| DIRECTIONS FOR THIS TASK |
Every line below containing the word "attached" should be found and copied.

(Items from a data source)
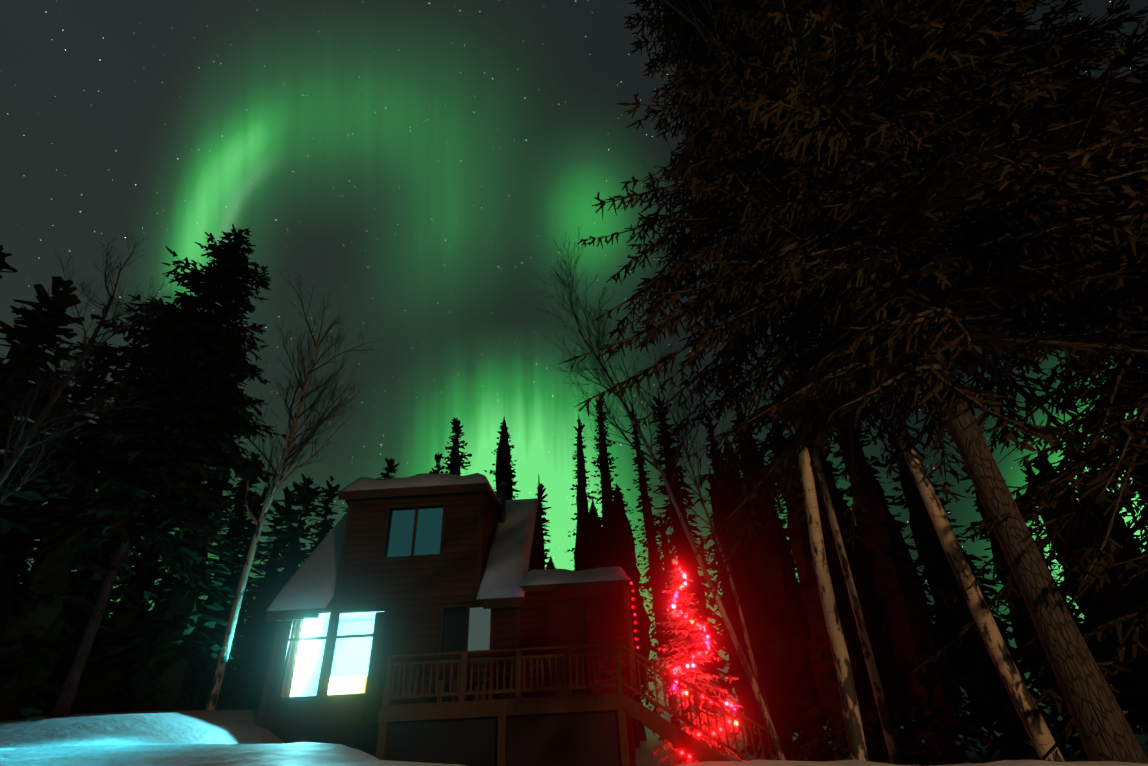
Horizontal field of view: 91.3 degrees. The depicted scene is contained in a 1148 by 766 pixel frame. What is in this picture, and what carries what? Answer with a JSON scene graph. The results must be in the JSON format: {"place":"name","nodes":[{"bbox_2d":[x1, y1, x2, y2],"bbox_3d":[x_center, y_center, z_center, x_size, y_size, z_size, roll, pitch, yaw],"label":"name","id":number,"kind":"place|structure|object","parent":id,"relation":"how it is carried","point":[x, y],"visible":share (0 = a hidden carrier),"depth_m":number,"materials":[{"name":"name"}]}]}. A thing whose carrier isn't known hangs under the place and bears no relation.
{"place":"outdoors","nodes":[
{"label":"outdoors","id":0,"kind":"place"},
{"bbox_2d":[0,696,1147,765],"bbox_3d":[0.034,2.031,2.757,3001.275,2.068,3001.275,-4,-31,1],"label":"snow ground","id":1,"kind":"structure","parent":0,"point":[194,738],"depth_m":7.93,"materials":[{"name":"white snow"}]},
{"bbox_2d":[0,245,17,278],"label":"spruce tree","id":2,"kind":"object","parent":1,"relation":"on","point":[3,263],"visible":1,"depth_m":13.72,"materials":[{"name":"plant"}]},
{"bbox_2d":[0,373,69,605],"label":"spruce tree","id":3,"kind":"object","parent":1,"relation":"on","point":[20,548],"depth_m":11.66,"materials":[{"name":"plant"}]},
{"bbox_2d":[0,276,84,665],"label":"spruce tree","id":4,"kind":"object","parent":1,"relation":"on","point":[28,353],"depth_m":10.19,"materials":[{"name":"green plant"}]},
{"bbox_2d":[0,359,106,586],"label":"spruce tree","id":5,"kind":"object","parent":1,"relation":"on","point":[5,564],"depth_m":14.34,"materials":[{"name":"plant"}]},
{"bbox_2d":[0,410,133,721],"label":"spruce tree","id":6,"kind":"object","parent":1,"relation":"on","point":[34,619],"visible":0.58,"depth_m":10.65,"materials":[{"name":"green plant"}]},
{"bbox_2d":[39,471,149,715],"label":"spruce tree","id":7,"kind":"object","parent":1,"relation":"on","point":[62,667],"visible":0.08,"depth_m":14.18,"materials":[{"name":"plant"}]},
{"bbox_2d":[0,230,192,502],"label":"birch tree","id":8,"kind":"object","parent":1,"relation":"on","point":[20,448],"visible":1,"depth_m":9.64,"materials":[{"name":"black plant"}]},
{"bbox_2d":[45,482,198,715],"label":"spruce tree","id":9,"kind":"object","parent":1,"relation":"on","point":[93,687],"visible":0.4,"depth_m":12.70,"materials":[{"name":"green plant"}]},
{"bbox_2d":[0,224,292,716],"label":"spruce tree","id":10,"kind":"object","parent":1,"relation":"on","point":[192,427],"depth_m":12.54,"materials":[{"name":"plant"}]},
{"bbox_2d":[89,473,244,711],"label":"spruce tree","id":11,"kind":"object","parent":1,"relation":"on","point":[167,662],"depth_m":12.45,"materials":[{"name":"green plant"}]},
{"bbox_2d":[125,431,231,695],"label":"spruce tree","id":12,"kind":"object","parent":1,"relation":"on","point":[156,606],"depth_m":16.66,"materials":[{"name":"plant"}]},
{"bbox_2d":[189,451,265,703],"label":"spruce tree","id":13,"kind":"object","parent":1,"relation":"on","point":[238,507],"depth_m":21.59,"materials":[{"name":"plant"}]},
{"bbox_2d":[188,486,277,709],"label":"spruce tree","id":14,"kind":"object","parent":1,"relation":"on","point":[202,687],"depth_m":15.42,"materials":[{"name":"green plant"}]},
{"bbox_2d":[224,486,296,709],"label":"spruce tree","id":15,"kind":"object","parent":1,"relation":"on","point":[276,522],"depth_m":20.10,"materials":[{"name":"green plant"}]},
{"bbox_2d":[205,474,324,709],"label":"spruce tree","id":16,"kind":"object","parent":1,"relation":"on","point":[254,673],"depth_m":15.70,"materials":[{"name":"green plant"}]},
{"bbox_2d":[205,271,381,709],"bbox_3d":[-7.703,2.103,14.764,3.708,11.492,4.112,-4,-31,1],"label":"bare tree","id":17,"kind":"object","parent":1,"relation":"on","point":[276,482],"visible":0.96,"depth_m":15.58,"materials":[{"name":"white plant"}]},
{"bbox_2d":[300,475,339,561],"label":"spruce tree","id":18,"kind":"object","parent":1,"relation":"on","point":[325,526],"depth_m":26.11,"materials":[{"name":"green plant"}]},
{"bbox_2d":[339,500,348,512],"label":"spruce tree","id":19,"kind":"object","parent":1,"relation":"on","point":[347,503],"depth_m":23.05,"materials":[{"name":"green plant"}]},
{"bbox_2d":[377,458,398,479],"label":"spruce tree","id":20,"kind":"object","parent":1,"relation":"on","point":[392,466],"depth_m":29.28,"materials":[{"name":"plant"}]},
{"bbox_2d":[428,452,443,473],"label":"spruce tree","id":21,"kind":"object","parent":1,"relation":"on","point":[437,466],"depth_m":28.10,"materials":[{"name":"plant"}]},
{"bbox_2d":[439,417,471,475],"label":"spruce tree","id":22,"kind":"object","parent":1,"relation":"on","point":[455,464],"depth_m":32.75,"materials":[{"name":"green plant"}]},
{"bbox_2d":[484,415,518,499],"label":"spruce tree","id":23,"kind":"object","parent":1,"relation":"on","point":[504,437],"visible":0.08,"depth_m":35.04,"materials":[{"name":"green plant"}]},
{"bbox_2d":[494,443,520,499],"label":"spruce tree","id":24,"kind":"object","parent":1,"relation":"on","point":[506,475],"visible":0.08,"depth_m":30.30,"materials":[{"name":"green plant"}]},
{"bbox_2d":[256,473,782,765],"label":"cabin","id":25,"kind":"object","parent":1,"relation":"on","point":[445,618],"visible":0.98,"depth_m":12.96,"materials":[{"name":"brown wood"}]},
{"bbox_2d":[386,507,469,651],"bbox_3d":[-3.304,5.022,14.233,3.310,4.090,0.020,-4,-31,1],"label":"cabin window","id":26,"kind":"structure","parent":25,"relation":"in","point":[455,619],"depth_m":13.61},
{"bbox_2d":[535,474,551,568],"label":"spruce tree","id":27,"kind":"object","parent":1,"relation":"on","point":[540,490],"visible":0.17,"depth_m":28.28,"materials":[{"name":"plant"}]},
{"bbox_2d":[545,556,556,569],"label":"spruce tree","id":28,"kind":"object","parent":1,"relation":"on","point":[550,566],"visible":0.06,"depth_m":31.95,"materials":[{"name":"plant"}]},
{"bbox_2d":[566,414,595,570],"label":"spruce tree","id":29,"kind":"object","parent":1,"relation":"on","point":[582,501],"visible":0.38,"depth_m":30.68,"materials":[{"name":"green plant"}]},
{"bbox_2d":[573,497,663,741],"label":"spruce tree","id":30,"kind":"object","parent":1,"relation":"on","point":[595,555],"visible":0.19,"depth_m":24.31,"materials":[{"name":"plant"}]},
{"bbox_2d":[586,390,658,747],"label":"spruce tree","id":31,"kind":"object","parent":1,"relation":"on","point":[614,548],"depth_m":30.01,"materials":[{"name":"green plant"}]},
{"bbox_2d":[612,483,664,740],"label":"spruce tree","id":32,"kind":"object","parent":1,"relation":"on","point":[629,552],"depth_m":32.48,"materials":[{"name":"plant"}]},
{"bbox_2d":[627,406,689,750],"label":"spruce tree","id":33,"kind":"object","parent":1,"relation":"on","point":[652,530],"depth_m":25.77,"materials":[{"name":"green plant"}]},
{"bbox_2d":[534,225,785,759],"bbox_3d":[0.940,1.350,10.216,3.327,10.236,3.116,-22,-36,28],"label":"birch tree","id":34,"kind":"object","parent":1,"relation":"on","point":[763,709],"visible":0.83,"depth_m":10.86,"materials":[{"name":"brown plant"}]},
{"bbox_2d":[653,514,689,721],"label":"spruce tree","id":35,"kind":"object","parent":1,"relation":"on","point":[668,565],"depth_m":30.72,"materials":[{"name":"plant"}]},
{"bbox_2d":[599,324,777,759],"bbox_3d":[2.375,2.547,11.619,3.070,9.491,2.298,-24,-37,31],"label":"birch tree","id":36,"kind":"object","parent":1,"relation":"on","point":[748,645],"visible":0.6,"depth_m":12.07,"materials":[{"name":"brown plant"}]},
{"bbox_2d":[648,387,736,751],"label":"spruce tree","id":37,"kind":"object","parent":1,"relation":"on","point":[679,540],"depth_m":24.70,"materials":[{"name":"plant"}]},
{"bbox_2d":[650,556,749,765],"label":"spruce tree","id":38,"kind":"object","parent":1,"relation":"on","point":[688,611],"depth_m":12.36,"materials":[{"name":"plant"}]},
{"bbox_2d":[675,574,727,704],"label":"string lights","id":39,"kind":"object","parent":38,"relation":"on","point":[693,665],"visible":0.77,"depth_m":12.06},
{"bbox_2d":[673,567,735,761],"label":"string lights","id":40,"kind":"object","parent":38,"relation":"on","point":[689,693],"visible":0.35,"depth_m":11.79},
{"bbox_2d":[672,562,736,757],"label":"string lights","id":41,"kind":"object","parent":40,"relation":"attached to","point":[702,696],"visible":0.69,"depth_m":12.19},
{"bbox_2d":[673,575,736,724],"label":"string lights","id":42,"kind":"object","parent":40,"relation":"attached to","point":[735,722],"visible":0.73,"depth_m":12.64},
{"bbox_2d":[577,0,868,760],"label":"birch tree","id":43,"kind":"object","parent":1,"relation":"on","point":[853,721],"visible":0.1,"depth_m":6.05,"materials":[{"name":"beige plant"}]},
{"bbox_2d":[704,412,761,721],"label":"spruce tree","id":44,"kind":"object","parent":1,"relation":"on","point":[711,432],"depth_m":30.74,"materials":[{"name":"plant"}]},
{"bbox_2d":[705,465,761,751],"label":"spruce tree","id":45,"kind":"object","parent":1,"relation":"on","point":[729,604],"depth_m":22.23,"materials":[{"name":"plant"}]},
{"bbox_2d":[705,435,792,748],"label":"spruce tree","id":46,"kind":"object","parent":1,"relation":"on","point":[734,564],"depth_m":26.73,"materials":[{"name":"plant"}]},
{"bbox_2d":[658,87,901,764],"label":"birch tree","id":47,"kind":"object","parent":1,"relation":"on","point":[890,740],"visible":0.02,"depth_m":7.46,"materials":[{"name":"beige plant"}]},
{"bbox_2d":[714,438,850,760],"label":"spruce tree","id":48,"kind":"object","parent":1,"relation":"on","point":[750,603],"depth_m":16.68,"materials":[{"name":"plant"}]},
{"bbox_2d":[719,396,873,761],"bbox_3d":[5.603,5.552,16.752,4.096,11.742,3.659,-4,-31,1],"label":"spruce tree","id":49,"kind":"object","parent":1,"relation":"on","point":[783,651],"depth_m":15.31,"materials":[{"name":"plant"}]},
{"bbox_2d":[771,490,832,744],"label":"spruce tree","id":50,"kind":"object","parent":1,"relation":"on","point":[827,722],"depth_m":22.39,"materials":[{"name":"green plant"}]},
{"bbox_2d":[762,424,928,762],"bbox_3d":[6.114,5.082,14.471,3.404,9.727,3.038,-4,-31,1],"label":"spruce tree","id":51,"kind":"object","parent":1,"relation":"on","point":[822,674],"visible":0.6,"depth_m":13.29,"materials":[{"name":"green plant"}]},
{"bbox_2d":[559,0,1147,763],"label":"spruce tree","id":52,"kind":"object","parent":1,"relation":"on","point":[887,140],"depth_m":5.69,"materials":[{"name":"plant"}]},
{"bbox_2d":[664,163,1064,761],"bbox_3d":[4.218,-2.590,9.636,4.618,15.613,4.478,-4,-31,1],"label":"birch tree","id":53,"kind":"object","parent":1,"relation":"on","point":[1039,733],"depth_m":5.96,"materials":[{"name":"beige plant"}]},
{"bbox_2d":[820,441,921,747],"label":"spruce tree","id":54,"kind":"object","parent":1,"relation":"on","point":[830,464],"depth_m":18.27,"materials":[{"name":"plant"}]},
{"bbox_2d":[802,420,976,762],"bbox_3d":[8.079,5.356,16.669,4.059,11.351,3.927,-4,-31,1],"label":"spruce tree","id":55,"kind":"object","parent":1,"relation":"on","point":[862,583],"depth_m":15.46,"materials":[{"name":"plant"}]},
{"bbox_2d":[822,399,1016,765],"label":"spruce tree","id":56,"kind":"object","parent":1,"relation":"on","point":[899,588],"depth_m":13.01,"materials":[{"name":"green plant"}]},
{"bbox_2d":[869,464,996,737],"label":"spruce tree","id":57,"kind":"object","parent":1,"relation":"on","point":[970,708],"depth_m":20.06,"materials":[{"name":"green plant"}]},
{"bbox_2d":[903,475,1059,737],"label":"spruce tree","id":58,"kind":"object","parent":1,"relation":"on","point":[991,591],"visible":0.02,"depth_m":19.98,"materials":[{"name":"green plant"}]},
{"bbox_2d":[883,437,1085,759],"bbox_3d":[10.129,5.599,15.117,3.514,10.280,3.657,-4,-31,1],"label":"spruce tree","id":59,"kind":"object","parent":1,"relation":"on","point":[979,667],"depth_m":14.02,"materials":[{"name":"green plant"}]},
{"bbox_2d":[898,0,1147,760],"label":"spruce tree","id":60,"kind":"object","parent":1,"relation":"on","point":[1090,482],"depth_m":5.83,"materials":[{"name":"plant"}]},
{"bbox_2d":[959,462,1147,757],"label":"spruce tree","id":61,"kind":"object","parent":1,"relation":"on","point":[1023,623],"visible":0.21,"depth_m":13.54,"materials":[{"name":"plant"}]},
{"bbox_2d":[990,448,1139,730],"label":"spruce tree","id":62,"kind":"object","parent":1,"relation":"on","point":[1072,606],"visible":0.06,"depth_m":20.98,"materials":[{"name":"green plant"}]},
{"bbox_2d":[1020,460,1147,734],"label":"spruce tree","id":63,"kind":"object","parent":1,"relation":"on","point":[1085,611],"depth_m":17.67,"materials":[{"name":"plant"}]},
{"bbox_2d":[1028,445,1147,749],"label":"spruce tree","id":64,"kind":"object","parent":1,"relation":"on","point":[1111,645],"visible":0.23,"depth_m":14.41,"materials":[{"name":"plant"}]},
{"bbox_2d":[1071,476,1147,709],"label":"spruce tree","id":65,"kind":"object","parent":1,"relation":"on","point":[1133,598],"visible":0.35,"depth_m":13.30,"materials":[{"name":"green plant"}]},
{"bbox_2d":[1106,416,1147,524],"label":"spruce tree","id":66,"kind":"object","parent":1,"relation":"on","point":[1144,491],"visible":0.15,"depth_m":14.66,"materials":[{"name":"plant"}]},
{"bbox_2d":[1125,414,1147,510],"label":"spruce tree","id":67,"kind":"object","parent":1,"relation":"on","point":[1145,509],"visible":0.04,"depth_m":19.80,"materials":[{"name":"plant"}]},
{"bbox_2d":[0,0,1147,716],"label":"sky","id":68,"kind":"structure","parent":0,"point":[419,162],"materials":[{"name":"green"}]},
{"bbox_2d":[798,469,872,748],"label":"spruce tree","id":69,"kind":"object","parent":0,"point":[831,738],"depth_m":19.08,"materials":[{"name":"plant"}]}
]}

| EXPECTED ANSWER |
{"bbox_2d":[672,562,736,757],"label":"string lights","id":41,"kind":"object","parent":40,"relation":"attached to","point":[702,696],"visible":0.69,"depth_m":12.19},
{"bbox_2d":[673,575,736,724],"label":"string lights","id":42,"kind":"object","parent":40,"relation":"attached to","point":[735,722],"visible":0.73,"depth_m":12.64},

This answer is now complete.